Instructor: Vu Tran. Day and Time: Tuesdays, 3:00 to 5:50 PM

PQ: Instructor consent required. To apply, submit writing sample, and a paragraph of intent, through online form at creativewriting.uchicago.edu. Once given consent, attendance on the first day is mandatory.

 

Advanced Poetry Workshop: Pound and Bunting (CRWR 23108/43108)

In this workshop, the work of Ezra Pound and Basil Bunting, one of Pound’s primary disciples, will serve to guide our lessons and experiments. By way of a close reading of Pound’s poetry and a scrutiny of his poetic practices, as well as a close reading of Bunting’s poetry, including his lyrics and long-form poems, students will generate poetry making use of techniques derived from Pound and Bunting, including lyric inventions, odes, Imagist and Vorticist experiments, para-translation, mythic re-enactment, song forms, rhymes, and polemics. The goal of this workshop is to come away from the works of Pound and Bunting with an understanding functioning at the level of composition, enacted in your own poems. Additionally, we will read prose by both poets, to which you will attempt responses. Texts include Ezra Pound’s New Selected Poems, selections from his literary essays, and Bunting’s Complete Poems.

Instructor: Peter O’Leary. Day and Time: Tuesdays, 12:00 to 2:50 PM.

PQ: Instructor consent required. To apply, submit writing sample, and a paragraph of intent, through online form at creativewriting.uchicago.edu. Once given consent, attendance on the first day is mandatory.

 

Picturing Words/Writing Images (Studio) (CRWR 26341)

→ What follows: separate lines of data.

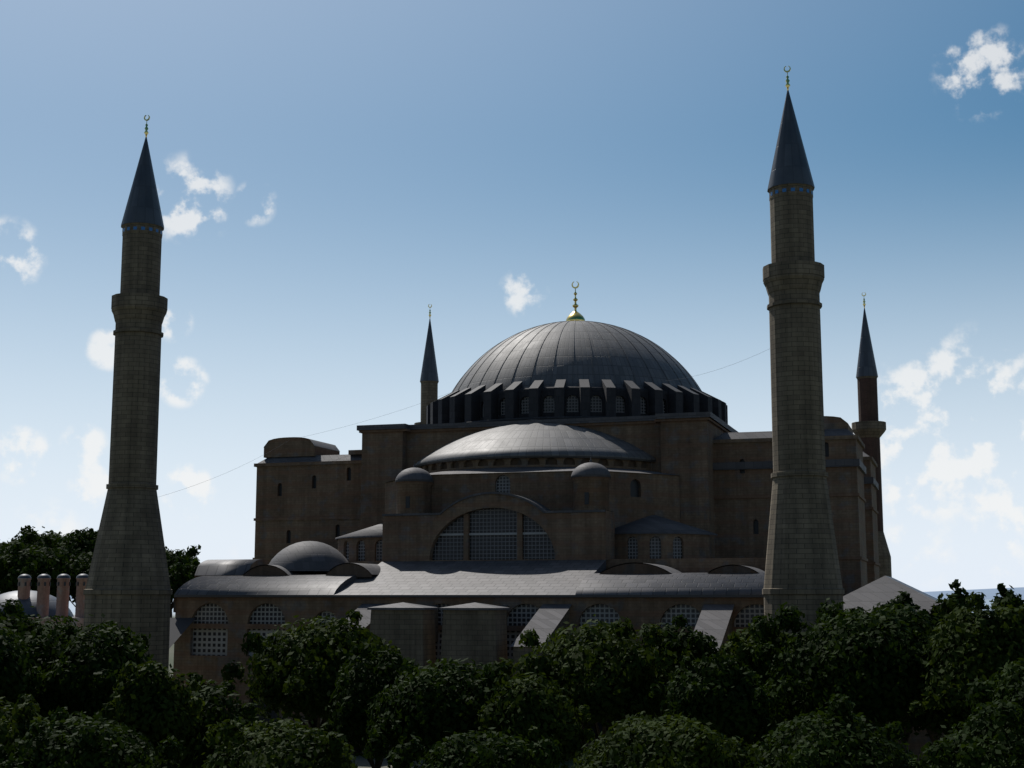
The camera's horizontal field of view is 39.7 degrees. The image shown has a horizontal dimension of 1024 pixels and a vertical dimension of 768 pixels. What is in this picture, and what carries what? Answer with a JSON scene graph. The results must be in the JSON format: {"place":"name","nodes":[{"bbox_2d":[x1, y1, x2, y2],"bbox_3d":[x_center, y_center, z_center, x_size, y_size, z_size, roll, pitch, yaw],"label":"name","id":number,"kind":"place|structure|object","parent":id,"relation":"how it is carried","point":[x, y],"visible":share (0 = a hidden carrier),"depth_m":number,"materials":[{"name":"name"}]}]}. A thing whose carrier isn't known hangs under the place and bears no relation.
{"place":"outdoors","nodes":[
{"label":"outdoors","id":0,"kind":"place"},
{"bbox_2d":[168,617,174,674],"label":"wall","id":1,"kind":"structure","parent":0,"point":[171,654],"depth_m":298.03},
{"bbox_2d":[0,546,7,592],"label":"tree","id":2,"kind":"object","parent":1,"relation":"on","point":[3,548],"visible":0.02,"depth_m":336.66,"materials":[{"name":"green plant"}]},
{"bbox_2d":[0,529,64,551],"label":"tree","id":3,"kind":"object","parent":1,"relation":"on","point":[30,538],"visible":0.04,"depth_m":356.92,"materials":[{"name":"green plant"}]},
{"bbox_2d":[0,525,70,548],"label":"tree","id":4,"kind":"object","parent":1,"relation":"on","point":[28,529],"visible":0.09,"depth_m":372.57,"materials":[{"name":"green plant"}]},
{"bbox_2d":[0,541,86,597],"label":"tree","id":5,"kind":"object","parent":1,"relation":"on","point":[16,562],"depth_m":315.68,"materials":[{"name":"green plant"}]},
{"bbox_2d":[25,527,97,605],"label":"tree","id":6,"kind":"object","parent":1,"relation":"on","point":[78,542],"depth_m":350.58,"materials":[{"name":"green plant"}]},
{"bbox_2d":[64,551,92,602],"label":"tree","id":7,"kind":"object","parent":1,"relation":"on","point":[86,559],"visible":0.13,"depth_m":322.35,"materials":[{"name":"green plant"}]},
{"bbox_2d":[166,544,200,617],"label":"tree","id":8,"kind":"object","parent":1,"relation":"on","point":[172,557],"depth_m":337.56,"materials":[{"name":"green plant"}]},
{"bbox_2d":[168,559,199,602],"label":"tree","id":9,"kind":"object","parent":1,"relation":"on","point":[180,575],"visible":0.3,"depth_m":324.58,"materials":[{"name":"green plant"}]},
{"bbox_2d":[0,0,1023,591],"label":"sky","id":10,"kind":"structure","parent":0,"point":[328,173],"materials":[{"name":"blue"}]},
{"bbox_2d":[69,599,1023,767],"bbox_3d":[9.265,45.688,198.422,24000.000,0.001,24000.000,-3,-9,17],"label":"ground","id":11,"kind":"structure","parent":0,"point":[361,761],"depth_m":137.20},
{"bbox_2d":[0,693,49,765],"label":"tree","id":12,"kind":"object","parent":11,"relation":"on","point":[14,723],"visible":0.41,"depth_m":81.20,"materials":[{"name":"green plant"}]},
{"bbox_2d":[0,623,62,712],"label":"tree","id":13,"kind":"object","parent":11,"relation":"on","point":[19,673],"visible":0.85,"depth_m":101.45,"materials":[{"name":"green plant"}]},
{"bbox_2d":[0,574,87,628],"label":"imaret with chimneys","id":14,"kind":"object","parent":11,"relation":"on","point":[43,601],"visible":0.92,"depth_m":246.75,"materials":[{"name":"grey stone"}]},
{"bbox_2d":[0,598,122,719],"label":"tree","id":15,"kind":"object","parent":11,"relation":"on","point":[41,642],"visible":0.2,"depth_m":110.05,"materials":[{"name":"green plant"}]},
{"bbox_2d":[0,706,185,767],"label":"tree","id":16,"kind":"object","parent":11,"relation":"on","point":[63,739],"visible":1,"depth_m":76.44,"materials":[{"name":"green plant"}]},
{"bbox_2d":[34,613,168,727],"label":"tree","id":17,"kind":"object","parent":11,"relation":"on","point":[90,690],"depth_m":104.90,"materials":[{"name":"green plant"}]},
{"bbox_2d":[83,115,172,668],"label":"minaret","id":18,"kind":"object","parent":11,"relation":"on","point":[128,582],"visible":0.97,"depth_m":149.53,"materials":[{"name":"grey stone"}]},
{"bbox_2d":[98,660,206,767],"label":"tree","id":19,"kind":"object","parent":11,"relation":"on","point":[151,700],"depth_m":93.37,"materials":[{"name":"green plant"}]},
{"bbox_2d":[177,672,258,767],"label":"tree","id":20,"kind":"object","parent":11,"relation":"on","point":[215,710],"depth_m":98.09,"materials":[{"name":"green plant"}]},
{"bbox_2d":[195,716,357,767],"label":"tree","id":21,"kind":"object","parent":11,"relation":"on","point":[288,743],"visible":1,"depth_m":75.20,"materials":[{"name":"green plant"}]},
{"bbox_2d":[221,609,402,731],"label":"tree","id":22,"kind":"object","parent":11,"relation":"on","point":[298,669],"depth_m":114.65,"materials":[{"name":"green plant"}]},
{"bbox_2d":[321,644,404,767],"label":"tree","id":23,"kind":"object","parent":11,"relation":"on","point":[360,690],"depth_m":107.29,"materials":[{"name":"green plant"}]},
{"bbox_2d":[414,304,438,424],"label":"minaret","id":24,"kind":"object","parent":11,"relation":"on","point":[429,380],"visible":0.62,"depth_m":250.55,"materials":[{"name":"grey metal"}]},
{"bbox_2d":[362,657,521,765],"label":"tree","id":25,"kind":"object","parent":11,"relation":"on","point":[430,706],"depth_m":100.61,"materials":[{"name":"green plant"}]},
{"bbox_2d":[169,602,734,756],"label":"buttresses","id":26,"kind":"structure","parent":11,"relation":"on","point":[476,632],"depth_m":141.78,"materials":[{"name":"stone"}]},
{"bbox_2d":[173,541,764,750],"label":"lower building","id":27,"kind":"structure","parent":11,"relation":"on","point":[227,604],"depth_m":156.98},
{"bbox_2d":[385,727,565,767],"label":"tree","id":28,"kind":"object","parent":11,"relation":"on","point":[460,750],"visible":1,"depth_m":74.04,"materials":[{"name":"green plant"}]},
{"bbox_2d":[477,666,594,767],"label":"tree","id":29,"kind":"object","parent":11,"relation":"on","point":[531,710],"depth_m":96.45,"materials":[{"name":"green plant"}]},
{"bbox_2d":[70,587,1023,598],"bbox_3d":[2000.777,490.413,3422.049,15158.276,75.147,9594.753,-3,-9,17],"label":"sea","id":30,"kind":"structure","parent":11,"relation":"on","point":[989,593],"depth_m":8167.45,"materials":[{"name":"blue liquid"}]},
{"bbox_2d":[253,412,879,595],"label":"hagia sophia","id":31,"kind":"structure","parent":11,"relation":"on","point":[307,489],"depth_m":178.08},
{"bbox_2d":[163,353,759,495],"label":"cables","id":32,"kind":"object","parent":31,"relation":"attached to","point":[402,409],"visible":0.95,"depth_m":181.50,"materials":[{"name":"grey plastic"}]},
{"bbox_2d":[382,492,614,561],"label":"arched window wall","id":33,"kind":"structure","parent":31,"relation":"attached to","point":[492,526],"depth_m":165.91,"materials":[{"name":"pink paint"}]},
{"bbox_2d":[335,515,717,560],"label":"hagia sophia exedrae","id":34,"kind":"object","parent":31,"relation":"attached to","point":[653,537],"visible":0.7,"depth_m":165.38,"materials":[{"name":"brown stone"}]},
{"bbox_2d":[385,457,679,527],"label":"hagia sophia semi dome drum","id":35,"kind":"object","parent":31,"relation":"attached to","point":[624,494],"visible":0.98,"depth_m":170.89,"materials":[{"name":"brown stone"}]},
{"bbox_2d":[413,423,655,467],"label":"half dome","id":36,"kind":"structure","parent":31,"relation":"on","point":[536,440],"depth_m":175.44,"materials":[{"name":"grey metal"}]},
{"bbox_2d":[426,379,727,423],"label":"dome drum","id":37,"kind":"object","parent":31,"relation":"on","point":[535,400],"visible":0.41,"depth_m":186.25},
{"bbox_2d":[451,321,701,392],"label":"dome","id":38,"kind":"structure","parent":37,"relation":"on","point":[572,353],"depth_m":192.16,"materials":[{"name":"grey metal"}]},
{"bbox_2d":[566,281,584,320],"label":"finial","id":39,"kind":"object","parent":38,"relation":"on","point":[575,315],"visible":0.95,"depth_m":206.07,"materials":[{"name":"gold metal"}]},
{"bbox_2d":[494,614,695,742],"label":"tree","id":40,"kind":"object","parent":11,"relation":"on","point":[613,671],"depth_m":111.42,"materials":[{"name":"green plant"}]},
{"bbox_2d":[571,711,774,767],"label":"tree","id":41,"kind":"object","parent":11,"relation":"on","point":[635,741],"visible":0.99,"depth_m":75.77,"materials":[{"name":"green plant"}]},
{"bbox_2d":[638,614,720,715],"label":"tree","id":42,"kind":"object","parent":11,"relation":"on","point":[698,645],"visible":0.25,"depth_m":118.82,"materials":[{"name":"green plant"}]},
{"bbox_2d":[649,649,784,750],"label":"tree","id":43,"kind":"object","parent":11,"relation":"on","point":[718,691],"depth_m":98.84,"materials":[{"name":"green plant"}]},
{"bbox_2d":[717,621,798,735],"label":"tree","id":44,"kind":"object","parent":11,"relation":"on","point":[740,645],"depth_m":114.67,"materials":[{"name":"green plant"}]},
{"bbox_2d":[762,66,844,733],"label":"minaret","id":45,"kind":"object","parent":11,"relation":"on","point":[802,570],"visible":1,"depth_m":135.53,"materials":[{"name":"brown stone"}]},
{"bbox_2d":[746,694,917,767],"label":"tree","id":46,"kind":"object","parent":11,"relation":"on","point":[834,737],"visible":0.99,"depth_m":76.62,"materials":[{"name":"green plant"}]},
{"bbox_2d":[748,598,944,737],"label":"tree","id":47,"kind":"object","parent":11,"relation":"on","point":[865,663],"depth_m":103.55,"materials":[{"name":"green plant"}]},
{"bbox_2d":[852,292,891,577],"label":"minaret","id":48,"kind":"object","parent":11,"relation":"on","point":[869,428],"visible":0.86,"depth_m":227.59,"materials":[{"name":"stone"}]},
{"bbox_2d":[887,591,920,752],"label":"tree","id":49,"kind":"object","parent":11,"relation":"on","point":[904,599],"depth_m":127.65,"materials":[{"name":"green plant"}]},
{"bbox_2d":[903,605,948,745],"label":"tree","id":50,"kind":"object","parent":11,"relation":"on","point":[931,615],"depth_m":116.47,"materials":[{"name":"green plant"}]},
{"bbox_2d":[942,579,976,620],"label":"tree","id":51,"kind":"object","parent":11,"relation":"on","point":[958,591],"visible":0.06,"depth_m":124.20,"materials":[{"name":"green plant"}]},
{"bbox_2d":[905,699,1023,767],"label":"tree","id":52,"kind":"object","parent":11,"relation":"on","point":[995,739],"visible":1,"depth_m":71.67,"materials":[{"name":"green plant"}]},
{"bbox_2d":[909,592,1023,744],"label":"tree","id":53,"kind":"object","parent":11,"relation":"on","point":[978,643],"depth_m":98.48,"materials":[{"name":"green plant"}]},
{"bbox_2d":[964,658,1023,714],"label":"tree","id":54,"kind":"object","parent":11,"relation":"on","point":[1009,684],"visible":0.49,"depth_m":86.81,"materials":[{"name":"green plant"}]},
{"bbox_2d":[989,583,1023,617],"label":"tree","id":55,"kind":"object","parent":11,"relation":"on","point":[1008,597],"visible":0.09,"depth_m":120.86,"materials":[{"name":"green plant"}]},
{"bbox_2d":[843,576,960,761],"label":"annex building","id":56,"kind":"structure","parent":0,"point":[883,590],"depth_m":140.61,"materials":[{"name":"grey metal"}]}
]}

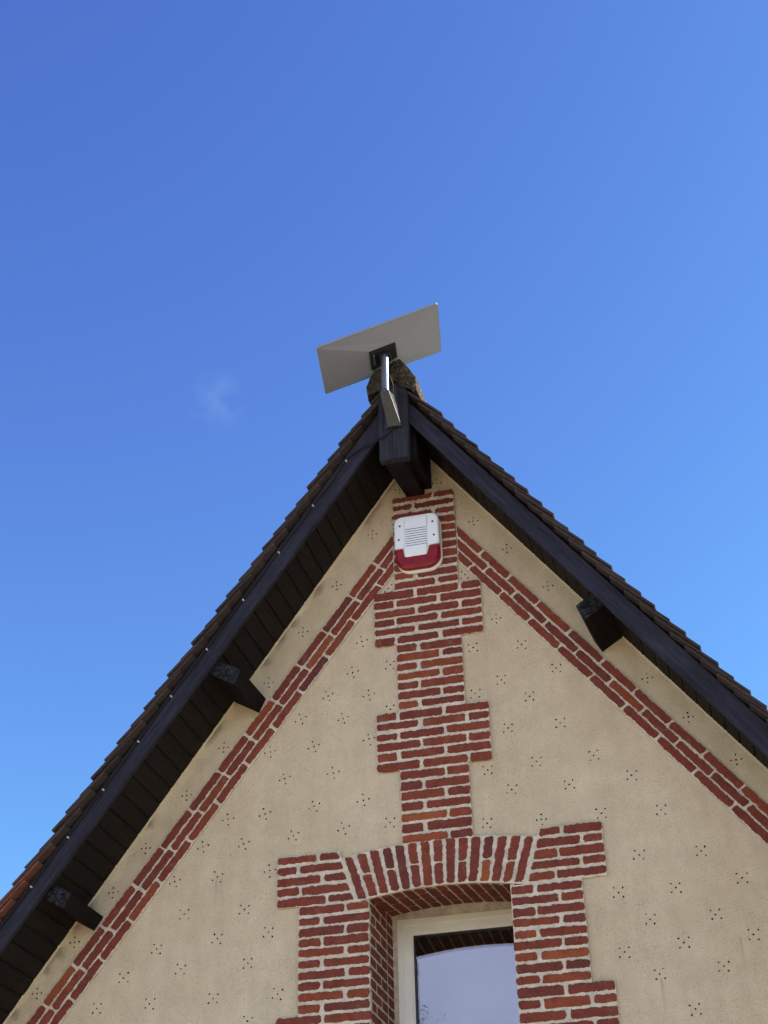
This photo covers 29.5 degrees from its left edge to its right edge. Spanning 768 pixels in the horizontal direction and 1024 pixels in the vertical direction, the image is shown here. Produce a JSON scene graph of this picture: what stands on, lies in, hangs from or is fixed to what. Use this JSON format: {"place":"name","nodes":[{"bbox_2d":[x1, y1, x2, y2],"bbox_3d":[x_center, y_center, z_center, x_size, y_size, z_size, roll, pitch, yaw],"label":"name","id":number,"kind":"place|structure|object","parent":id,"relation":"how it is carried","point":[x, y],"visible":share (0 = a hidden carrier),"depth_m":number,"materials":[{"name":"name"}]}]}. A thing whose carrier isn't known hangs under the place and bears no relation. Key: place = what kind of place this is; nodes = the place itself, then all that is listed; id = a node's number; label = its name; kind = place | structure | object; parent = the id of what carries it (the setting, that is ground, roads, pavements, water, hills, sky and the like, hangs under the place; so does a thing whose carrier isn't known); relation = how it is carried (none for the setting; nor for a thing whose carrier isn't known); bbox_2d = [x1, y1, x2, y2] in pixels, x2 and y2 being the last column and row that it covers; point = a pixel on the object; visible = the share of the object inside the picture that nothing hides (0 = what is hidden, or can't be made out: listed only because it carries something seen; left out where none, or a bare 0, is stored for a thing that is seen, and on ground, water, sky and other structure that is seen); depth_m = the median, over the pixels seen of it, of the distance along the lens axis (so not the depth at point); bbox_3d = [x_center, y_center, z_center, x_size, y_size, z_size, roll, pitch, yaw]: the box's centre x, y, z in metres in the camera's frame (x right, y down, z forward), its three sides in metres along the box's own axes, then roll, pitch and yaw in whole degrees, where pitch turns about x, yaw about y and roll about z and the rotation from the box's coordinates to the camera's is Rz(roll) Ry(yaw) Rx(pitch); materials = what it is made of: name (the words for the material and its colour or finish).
{"place":"outdoors","nodes":[
{"label":"outdoors","id":0,"kind":"place"},
{"bbox_2d":[0,0,767,899],"label":"sky","id":1,"kind":"structure","parent":0,"point":[198,198],"materials":[{"name":"blue"}]},
{"label":"ground","id":2,"kind":"structure","parent":0,"visible":0},
{"bbox_2d":[0,359,767,1023],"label":"house","id":3,"kind":"structure","parent":2,"relation":"on","point":[504,761],"depth_m":7.17,"materials":[{"name":"beige brick"}]},
{"bbox_2d":[0,374,392,928],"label":"antenna cable","id":4,"kind":"object","parent":3,"relation":"attached to","point":[102,790],"visible":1,"depth_m":7.37,"materials":[{"name":"black plastic"}]},
{"bbox_2d":[316,303,440,428],"bbox_3d":[-0.017,-0.759,7.892,0.668,0.597,0.420,-4,-34,4],"label":"satellite dish","id":5,"kind":"object","parent":3,"relation":"attached to","point":[366,353],"visible":1,"depth_m":7.90,"materials":[{"name":"white plastic"}]},
{"bbox_2d":[394,513,442,573],"bbox_3d":[0.184,0.169,7.900,0.253,0.338,0.068,-9,-34,11],"label":"alarm siren","id":6,"kind":"object","parent":3,"relation":"attached to","point":[418,543],"visible":1,"depth_m":7.87,"materials":[{"name":"white plastic"}]},
{"bbox_2d":[397,909,512,1023],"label":"window","id":7,"kind":"structure","parent":3,"relation":"in","point":[408,930],"depth_m":7.22,"materials":[{"name":"beige plastic"}]}
]}

What is the relationship between reading and looking?  Images in mind, and images on paper – words in mind and on the page – we will explore the intersection of these different ways to think, read, and look, as we make poems, drawings, paintings etc. We will investigate the problem of representing language as it is expressed in the work produced in class. Studying works by contemporary visual artists like Jenny Holzer and Ann Hamilton, and practicing poets such as Susan Howe and Tom Phillips will inform our investigation. The course will feature visits to our studio by contemporary poets and visual artists, who will provide critiques of student work and discussion of their own ongoing projects.  These visitors will help to frame our artistic and literary practice within the ongoing conversation between word and image in modern culture.  We will ask, what are the cognitive, phenomenological, social, and aesthetic consequences of foregrounding the pictorial/visual aspect of alphabetical characters?  

Instructor(s): Jessica Stockholder, Skrihanth Reddy. Day and Time: Wednesdays, 1:30 to 4:20 PM

PQ: Third- or fourth-year standing. Previous experience in an arts studio or creative writing workshop recommended, but not required.